George William Yohe, II, (Appellant) appeals from the Superior Court order that reversed the trial court's order awarding a new trial on the ground that his constitutional right of confrontation was violated. We agree with the Superior Court that Appellant's constitutional right of confrontation was not violated at trial because the testifying witness was not a " surrogate witness," as Appellant argues. Rather, as discussed below, the witness was the author of the testimonial statement offered into evidence and, therefore, was an appropriate witness under the Confrontation Clause. Accordingly, Appellant's confrontation rights were protected by this testimony, and we affirm.

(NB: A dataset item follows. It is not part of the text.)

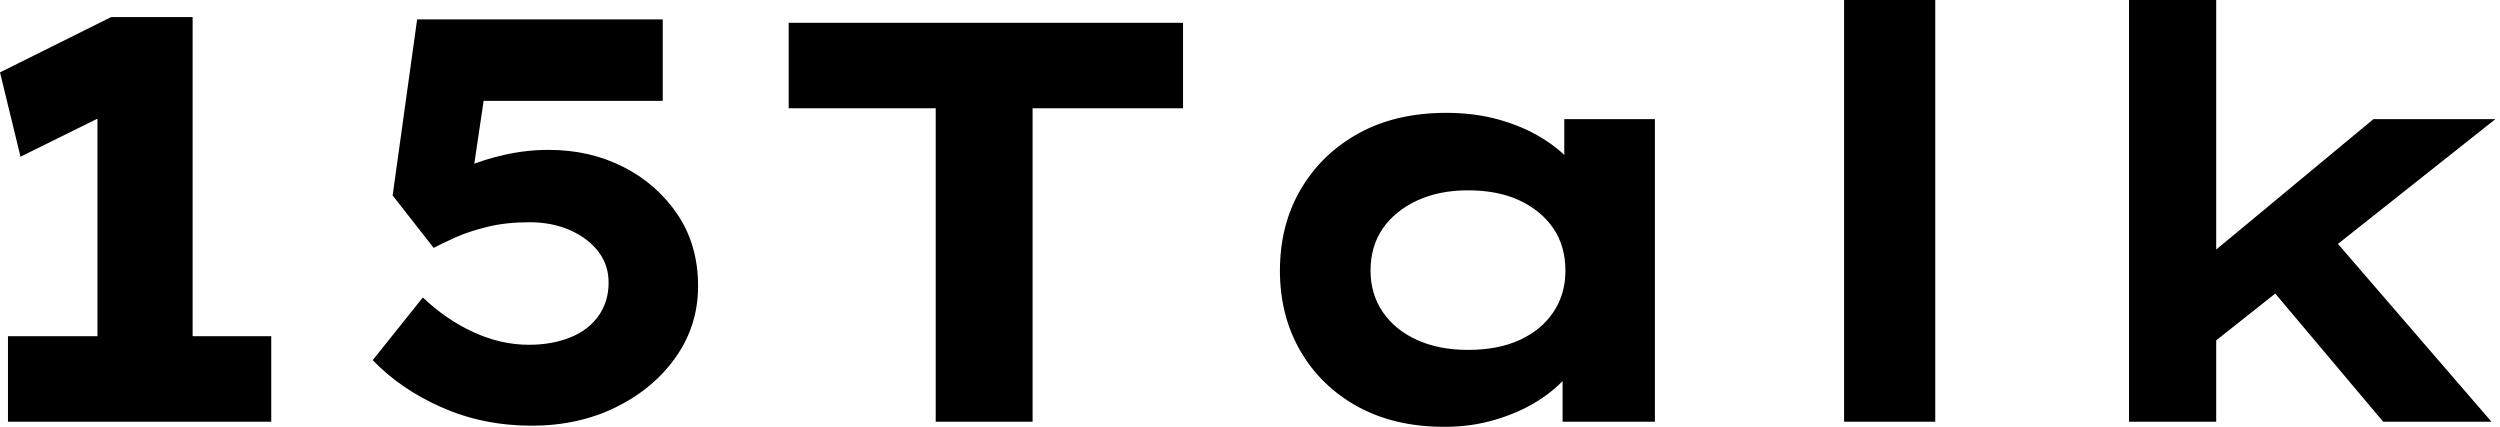 <svg baseProfile="full" height="28" version="1.1" viewBox="0 0 164 28" width="164" xmlns="http://www.w3.org/2000/svg" xmlns:ev="http://www.w3.org/2001/xml-events" xmlns:xlink="http://www.w3.org/1999/xlink"><defs /><g><path d="M10.393 25.832V4.598L11.85 7.065L5.346 10.28L4 4.748L11.29 1.121H16.636V25.832ZM4.523 27.664V22.056H21.794V27.664Z M38.879 27.925Q35.701 27.925 32.991 26.729Q30.28 25.533 28.449 23.626L31.738 19.514Q33.271 20.972 35.065 21.794Q36.86 22.617 38.692 22.617Q40.224 22.617 41.421 22.131Q42.617 21.645 43.271 20.71Q43.925 19.776 43.925 18.542Q43.925 17.383 43.252 16.505Q42.579 15.626 41.402 15.103Q40.224 14.579 38.729 14.579Q37.196 14.579 35.981 14.879Q34.766 15.178 33.888 15.57Q33.009 15.963 32.449 16.262L29.757 12.822L31.364 1.271H47.477V6.617H34.393L36.037 4.523L34.804 12.822L32.561 12.075Q33.346 11.477 34.523 10.972Q35.701 10.467 37.121 10.15Q38.542 9.832 40.0 9.832Q42.692 9.832 44.897 10.953Q47.103 12.075 48.449 14.075Q49.794 16.075 49.794 18.766Q49.794 21.346 48.336 23.421Q46.879 25.495 44.411 26.71Q41.944 27.925 38.879 27.925Z M65.383 27.664V7.103H55.738V1.495H81.607V7.103H71.738V27.664Z M98.766 28Q95.477 28 93.065 26.673Q90.654 25.346 89.308 23.028Q87.963 20.71 87.963 17.757Q87.963 14.729 89.346 12.393Q90.729 10.056 93.159 8.729Q95.589 7.402 98.879 7.402Q100.748 7.402 102.336 7.85Q103.925 8.299 105.14 9.047Q106.355 9.794 107.103 10.673Q107.85 11.551 108.037 12.411L106.617 12.523V7.813H112.561V27.664H106.505V22.355L107.738 22.692Q107.626 23.664 106.86 24.598Q106.093 25.533 104.879 26.299Q103.664 27.065 102.093 27.533Q100.523 28 98.766 28ZM100.299 22.953Q102.28 22.953 103.701 22.299Q105.121 21.645 105.907 20.467Q106.692 19.29 106.692 17.757Q106.692 16.15 105.907 14.991Q105.121 13.832 103.701 13.159Q102.28 12.486 100.299 12.486Q98.393 12.486 96.953 13.159Q95.514 13.832 94.71 14.991Q93.907 16.15 93.907 17.757Q93.907 19.29 94.71 20.467Q95.514 21.645 96.953 22.299Q98.393 22.953 100.299 22.953Z M124.972 27.664V0.0H130.953V27.664Z M148.972 22.654 147.215 18.168 159.701 7.813H167.701ZM143.664 27.664V0.0H149.383V27.664ZM160.336 27.664 151.364 17.009 155.402 13.72 167.439 27.664Z " fill="rgb(0,0,0)" transform="translate(-4, 0)" /></g></svg>

On August 19, 2009, Officer Scott George performed a traffic stop of Appellant's vehicle because of its faulty license plate and brake lights. During the course of the stop, the officer observed signs of alcohol consumption, and arrested Appellant for Driving Under the Influence of alcohol (DUI).[1] Officer George transported Appellant to Memorial Hospital where a phlebotomist drew a blood sample and prepared it for shipment to National Medical Services Labs (NMS Labs) for chemical analysis.

NMS Labs received Appellant's blood sample on August 21, 2009. An employee examined it for proper seal, label, and volume, logged receipt of the sample, and placed it in a secured bin. It is the routine practice of NMS Labs to test blood samples for alcohol content by removing three small portions (referred to as " aliquots" ) from the blood sample and to conduct three distinct tests, using two testing methods, to determine alcohol content. One method of testing is gas chromatography, and the second is enzymatic assay, both of which determine the quantity of alcohol in the blood. It is the practice of NMS Labs routinely to test a blood sample for alcohol content twice using gas chromatography, and once using enzymatic assay.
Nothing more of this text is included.